The new notes to be issued by Mirant and Mirant Americas Generation LLC and the credit facilities will share the security equally.

None of the debt that is the subject of the exchange offers and bank negotiations is currently secured.

Mirant said that on May 30 Citibank, NA and Credit Suisse First Boston, the agent banks for the company's $2.7 billion of bank debt and $237 million turbine facility, informed the company that they do not support sharing first priority liens with bondholders.

In the exchange offer document filed with the Securities and Exchange Commission, Mirant said the exchange is necessary because it does not expect to be able to refinance its $1.125 billion of senior unsecured bank debt that matures on July 15, 2003 on an unsecured basis.

"Mirant's Board of Directors believes it would be imprudent and subject the rights of its and MAG's [Mirant Americas Generation] creditors to unacceptable risks to pledge substantially all of its available collateral to achieve a refinancing solely of its shortest maturing indebtedness," the company added.

But it added that it believes that over five years the company's business and economic conditions will recover sufficiently to allow it to repay its creditors in full.

Mirant said it has discussed the plan with ad hoc bondholder committees but said neither the Mirant bondholder group nor the Mirant Americas Generation group has endorsed the plan. In fact, Mirant said the Mirant Americas Generation committee has told the company it believes the offer improperly favors Mirant creditors at the expense of Mirant Americas Generation creditors.

"After a great deal of analysis, we concluded that this bond debt restructuring, coupled with a concurrent bank debt restructuring, is the best way for all of our creditors to receive full payment for what we owe them, while taking steps to preserve value for our shareholders," said Marce Fuller, Mirant's president and chief executive officer, in a news release.

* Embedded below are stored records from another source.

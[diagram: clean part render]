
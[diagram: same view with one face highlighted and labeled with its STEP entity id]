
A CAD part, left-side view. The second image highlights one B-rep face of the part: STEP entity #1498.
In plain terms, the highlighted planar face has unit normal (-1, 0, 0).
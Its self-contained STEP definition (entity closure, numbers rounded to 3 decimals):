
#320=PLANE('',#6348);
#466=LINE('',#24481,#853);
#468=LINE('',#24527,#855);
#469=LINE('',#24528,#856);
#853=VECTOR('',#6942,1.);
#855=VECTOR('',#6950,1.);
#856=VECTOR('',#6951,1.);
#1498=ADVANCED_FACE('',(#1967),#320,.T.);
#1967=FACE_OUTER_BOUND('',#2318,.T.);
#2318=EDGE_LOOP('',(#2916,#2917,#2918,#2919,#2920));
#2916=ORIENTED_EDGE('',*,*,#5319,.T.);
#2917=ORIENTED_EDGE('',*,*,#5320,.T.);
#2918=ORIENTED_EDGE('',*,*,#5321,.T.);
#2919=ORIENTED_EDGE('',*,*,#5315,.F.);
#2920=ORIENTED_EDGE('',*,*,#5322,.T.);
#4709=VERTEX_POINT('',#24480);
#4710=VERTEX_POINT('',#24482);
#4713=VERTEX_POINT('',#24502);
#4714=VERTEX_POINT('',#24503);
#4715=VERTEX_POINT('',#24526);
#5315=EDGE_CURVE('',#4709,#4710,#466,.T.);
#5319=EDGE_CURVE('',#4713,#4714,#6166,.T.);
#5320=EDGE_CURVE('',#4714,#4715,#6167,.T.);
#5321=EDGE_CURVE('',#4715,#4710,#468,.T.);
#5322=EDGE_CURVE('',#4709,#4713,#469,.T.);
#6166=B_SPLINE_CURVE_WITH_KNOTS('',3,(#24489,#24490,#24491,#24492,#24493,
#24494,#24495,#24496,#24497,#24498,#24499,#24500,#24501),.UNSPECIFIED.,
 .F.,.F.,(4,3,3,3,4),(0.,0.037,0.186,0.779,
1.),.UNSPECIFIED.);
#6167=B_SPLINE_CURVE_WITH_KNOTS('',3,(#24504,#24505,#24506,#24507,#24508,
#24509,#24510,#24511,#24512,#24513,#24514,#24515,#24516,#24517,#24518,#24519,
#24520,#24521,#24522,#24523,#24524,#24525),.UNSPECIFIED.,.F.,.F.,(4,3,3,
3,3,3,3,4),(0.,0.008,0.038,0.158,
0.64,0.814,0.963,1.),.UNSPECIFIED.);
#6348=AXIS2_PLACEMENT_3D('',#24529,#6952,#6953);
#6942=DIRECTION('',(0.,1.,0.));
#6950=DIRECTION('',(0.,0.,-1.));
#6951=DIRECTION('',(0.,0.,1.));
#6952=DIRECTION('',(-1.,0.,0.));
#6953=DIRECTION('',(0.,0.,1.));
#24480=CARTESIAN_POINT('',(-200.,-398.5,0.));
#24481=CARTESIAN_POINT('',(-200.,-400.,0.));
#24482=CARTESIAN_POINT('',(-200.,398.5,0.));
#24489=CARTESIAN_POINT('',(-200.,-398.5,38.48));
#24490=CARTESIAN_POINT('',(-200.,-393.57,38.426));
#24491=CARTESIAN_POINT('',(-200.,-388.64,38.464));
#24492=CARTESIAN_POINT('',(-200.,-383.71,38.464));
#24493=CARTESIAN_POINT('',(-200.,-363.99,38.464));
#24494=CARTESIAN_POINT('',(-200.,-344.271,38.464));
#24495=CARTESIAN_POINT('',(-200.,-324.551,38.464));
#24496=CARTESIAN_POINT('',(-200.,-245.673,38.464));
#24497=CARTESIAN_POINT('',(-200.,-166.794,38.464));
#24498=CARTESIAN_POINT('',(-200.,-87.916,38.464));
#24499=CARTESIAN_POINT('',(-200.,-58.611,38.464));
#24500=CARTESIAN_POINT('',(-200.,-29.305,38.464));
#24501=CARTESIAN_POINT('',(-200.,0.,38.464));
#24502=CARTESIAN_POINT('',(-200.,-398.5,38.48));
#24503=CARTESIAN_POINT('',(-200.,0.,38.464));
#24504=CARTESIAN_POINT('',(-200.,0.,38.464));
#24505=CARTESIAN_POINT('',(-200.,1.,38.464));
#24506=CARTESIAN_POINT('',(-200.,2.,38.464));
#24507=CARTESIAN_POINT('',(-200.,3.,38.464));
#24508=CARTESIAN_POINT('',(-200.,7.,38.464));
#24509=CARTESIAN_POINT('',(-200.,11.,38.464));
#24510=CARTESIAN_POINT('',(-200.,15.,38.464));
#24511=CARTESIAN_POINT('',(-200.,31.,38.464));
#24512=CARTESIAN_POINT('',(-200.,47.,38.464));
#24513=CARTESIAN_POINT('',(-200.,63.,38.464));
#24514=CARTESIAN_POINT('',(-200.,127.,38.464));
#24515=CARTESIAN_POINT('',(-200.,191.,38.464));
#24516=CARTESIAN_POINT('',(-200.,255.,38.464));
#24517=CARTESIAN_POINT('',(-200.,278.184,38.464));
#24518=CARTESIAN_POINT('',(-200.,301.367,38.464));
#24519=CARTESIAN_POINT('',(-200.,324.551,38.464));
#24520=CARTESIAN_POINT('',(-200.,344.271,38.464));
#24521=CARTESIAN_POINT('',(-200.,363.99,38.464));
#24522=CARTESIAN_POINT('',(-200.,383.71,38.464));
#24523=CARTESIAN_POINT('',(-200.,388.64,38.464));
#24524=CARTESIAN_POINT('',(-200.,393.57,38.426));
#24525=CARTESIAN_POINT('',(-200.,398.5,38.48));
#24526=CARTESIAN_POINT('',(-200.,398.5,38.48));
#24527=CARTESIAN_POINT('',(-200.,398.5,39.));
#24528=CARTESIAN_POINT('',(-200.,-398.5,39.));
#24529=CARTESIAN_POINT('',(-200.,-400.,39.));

"We believe these exchange offers meet the needs of our debtholders and also are in the best interest of Mirant's various stakeholders."

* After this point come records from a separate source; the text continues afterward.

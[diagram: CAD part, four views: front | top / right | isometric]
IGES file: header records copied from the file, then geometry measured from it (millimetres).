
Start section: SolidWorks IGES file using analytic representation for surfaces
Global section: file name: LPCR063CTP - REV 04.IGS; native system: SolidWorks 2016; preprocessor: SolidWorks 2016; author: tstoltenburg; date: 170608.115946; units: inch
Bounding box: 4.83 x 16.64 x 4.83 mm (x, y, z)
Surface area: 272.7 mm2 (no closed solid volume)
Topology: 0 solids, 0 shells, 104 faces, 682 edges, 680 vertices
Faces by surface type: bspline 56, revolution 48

The exchange offer is for Mirant's $750 million of 2.5% convertible debentures due 2021 but putable in 2004 and $200 million of 7.4% senior notes due 2004. The company is offering $1,000 of new 7.5% senior secured notes due 2008 for each $1,000 of the existing convertibles and senior notes. Mirant noted that it owns $83 million of the securities issued by TIERS trust 2001-14 which uses $400 million of the convertibles as the underlying assets. The TIERS issue is not covered by the exchange because they are not Mirant's securities but the company is proposing that Structured Products Corp. and Citibank make amendments to address this problem.

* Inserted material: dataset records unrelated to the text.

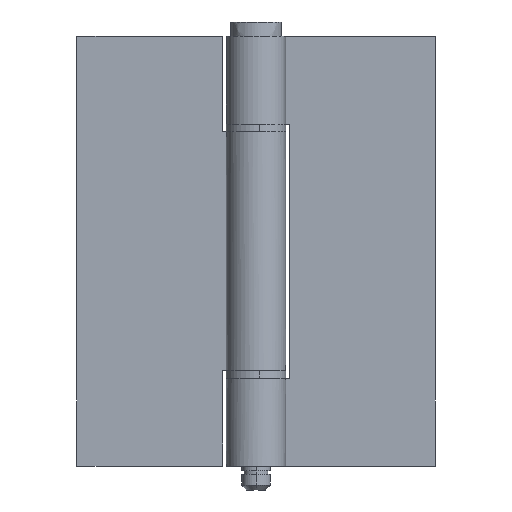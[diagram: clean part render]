
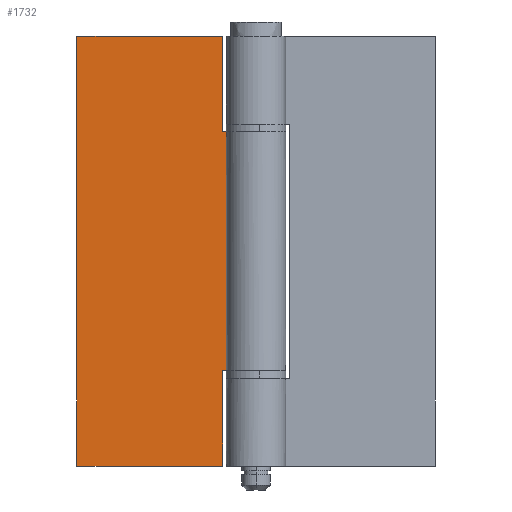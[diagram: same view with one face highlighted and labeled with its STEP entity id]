
A CAD part, front view. The second image highlights one B-rep face of the part: STEP entity #1732.
In plain terms, the highlighted free-form (B-spline) face has degree [1, 1] with [2, 2] control points.
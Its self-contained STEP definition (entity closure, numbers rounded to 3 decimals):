
#1460=CARTESIAN_POINT('',(0.,3.0,20.0));
#1461=VERTEX_POINT('',#1460);
#1481=CARTESIAN_POINT('',(-7.0,3.0,20.0));
#1482=VERTEX_POINT('',#1481);
#1483=CARTESIAN_POINT('',(-7.0,3.0,20.0));
#1484=CARTESIAN_POINT('',(0.,3.0,20.0));
#1485=QUASI_UNIFORM_CURVE('',1,(#1483,#1484),.UNSPECIFIED.,.F.,.U.);
#1486=EDGE_CURVE('',#1482,#1461,#1485,.T.);
#1508=CARTESIAN_POINT('',(-7.0,3.0,0.0));
#1509=VERTEX_POINT('',#1508);
#1523=CARTESIAN_POINT('',(-7.0,3.0,0.0));
#1524=CARTESIAN_POINT('',(-7.0,3.0,20.0));
#1525=QUASI_UNIFORM_CURVE('',1,(#1523,#1524),.UNSPECIFIED.,.F.,.U.);
#1526=EDGE_CURVE('',#1509,#1482,#1525,.T.);
#1545=CARTESIAN_POINT('',(-7.0,3.0,70.));
#1546=VERTEX_POINT('',#1545);
#1552=CARTESIAN_POINT('',(0.,3.0,70.));
#1553=VERTEX_POINT('',#1552);
#1554=CARTESIAN_POINT('',(0.,3.0,70.));
#1555=CARTESIAN_POINT('',(-7.0,3.0,70.));
#1556=QUASI_UNIFORM_CURVE('',1,(#1554,#1555),.UNSPECIFIED.,.F.,.U.);
#1557=EDGE_CURVE('',#1553,#1546,#1556,.T.);
#1622=CARTESIAN_POINT('',(-7.0,3.0,90.));
#1623=VERTEX_POINT('',#1622);
#1629=CARTESIAN_POINT('',(-7.0,3.0,70.));
#1630=CARTESIAN_POINT('',(-7.0,3.0,90.));
#1631=QUASI_UNIFORM_CURVE('',1,(#1629,#1630),.UNSPECIFIED.,.F.,.U.);
#1632=EDGE_CURVE('',#1546,#1623,#1631,.T.);
#1642=CARTESIAN_POINT('',(-37.5,3.0,0.0));
#1643=VERTEX_POINT('',#1642);
#1651=CARTESIAN_POINT('',(-37.5,3.0,90.));
#1652=VERTEX_POINT('',#1651);
#1653=CARTESIAN_POINT('',(-37.5,3.0,90.));
#1654=CARTESIAN_POINT('',(-37.5,3.0,0.0));
#1655=QUASI_UNIFORM_CURVE('',1,(#1653,#1654),.UNSPECIFIED.,.F.,.U.);
#1656=EDGE_CURVE('',#1652,#1643,#1655,.T.);
#1685=CARTESIAN_POINT('',(-7.0,3.0,90.));
#1686=CARTESIAN_POINT('',(-37.5,3.0,90.));
#1687=QUASI_UNIFORM_CURVE('',1,(#1685,#1686),.UNSPECIFIED.,.F.,.U.);
#1688=EDGE_CURVE('',#1623,#1652,#1687,.T.);
#1704=CARTESIAN_POINT('',(-7.0,3.0,0.0));
#1705=CARTESIAN_POINT('',(-37.5,3.0,0.0));
#1706=QUASI_UNIFORM_CURVE('',1,(#1704,#1705),.UNSPECIFIED.,.F.,.U.);
#1707=EDGE_CURVE('',#1509,#1643,#1706,.T.);
#1713=CARTESIAN_POINT('',(-39.373,3.0,94.495));
#1714=CARTESIAN_POINT('',(-39.373,3.0,-4.496));
#1715=CARTESIAN_POINT('',(1.873,3.0,94.495));
#1716=CARTESIAN_POINT('',(1.873,3.0,-4.496));
#1717=B_SPLINE_SURFACE_WITH_KNOTS('',1,1,((#1713,#1715),(#1714,#1716)),.UNSPECIFIED.,.F.,.F.,.U.,(2,2),(2,2),(0.0,98.991),(0.0,41.246),.UNSPECIFIED.);
#1718=ORIENTED_EDGE('',*,*,#1707,.F.);
#1719=ORIENTED_EDGE('',*,*,#1526,.T.);
#1720=ORIENTED_EDGE('',*,*,#1486,.T.);
#1721=CARTESIAN_POINT('',(0.,3.0,70.));
#1722=CARTESIAN_POINT('',(0.,3.0,20.0));
#1723=QUASI_UNIFORM_CURVE('',1,(#1721,#1722),.UNSPECIFIED.,.F.,.U.);
#1724=EDGE_CURVE('',#1553,#1461,#1723,.T.);
#1725=ORIENTED_EDGE('',*,*,#1724,.F.);
#1726=ORIENTED_EDGE('',*,*,#1557,.T.);
#1727=ORIENTED_EDGE('',*,*,#1632,.T.);
#1728=ORIENTED_EDGE('',*,*,#1688,.T.);
#1729=ORIENTED_EDGE('',*,*,#1656,.T.);
#1730=EDGE_LOOP('',(#1718,#1719,#1720,#1725,#1726,#1727,#1728,#1729));
#1731=FACE_OUTER_BOUND('',#1730,.T.);
#1732=ADVANCED_FACE('',(#1731),#1717,.T.);

Mirant Americas Generation is offering $1,000 principal amount of new secured debt for each $1,000 principal amount of its $500 million outstanding 7.625% senior notes due 2006.

The bond exchanges are subject to successful renegotiation of the bank debt.

Talks with the banks are continuing. On May 29 Mirant obtained an extension of its waiver agreement with its banks to July 14.

Mirant is proposing that its restructured credit facility would consist of a $2.05 billion term loan and a $1.1 billion revolving letter of credit and working capital facility, both due after five years.

The proposed Mirant Americas Generation secured credit facility would be a $300 million term loan.

Interest would be at Libor plus 400 basis points, stepping up to Libor plus 450 basis points after three years if Mirant does not reduce borrowings by $300 million.

Mirant proposes paying a 100 basis points fee on closing of the news facilities and a further 100 basis points after three years if it has not reduced borrowings by $300 million.

The facilities would have an unused commitment fee of 50 basis points.

To refinance the credit facilities, Mirant must obtain the agreement of all its banks.

In addition, the exchange requires that holders of 85% of the bonds subject to exchange agree to the plan.

Mirant noted that the fall-back prepackaged Chapter 11 filing would be "substantially similar" to the exchange but would only require the support of two-thirds by amount and one-half by number of creditors voting.

The exchange runs through midnight ET on June 27 unless extended.

The exchange agent is Deutsche Bank Trust Co. Americas and the information agent and voting agent is Innisfree M&A Inc.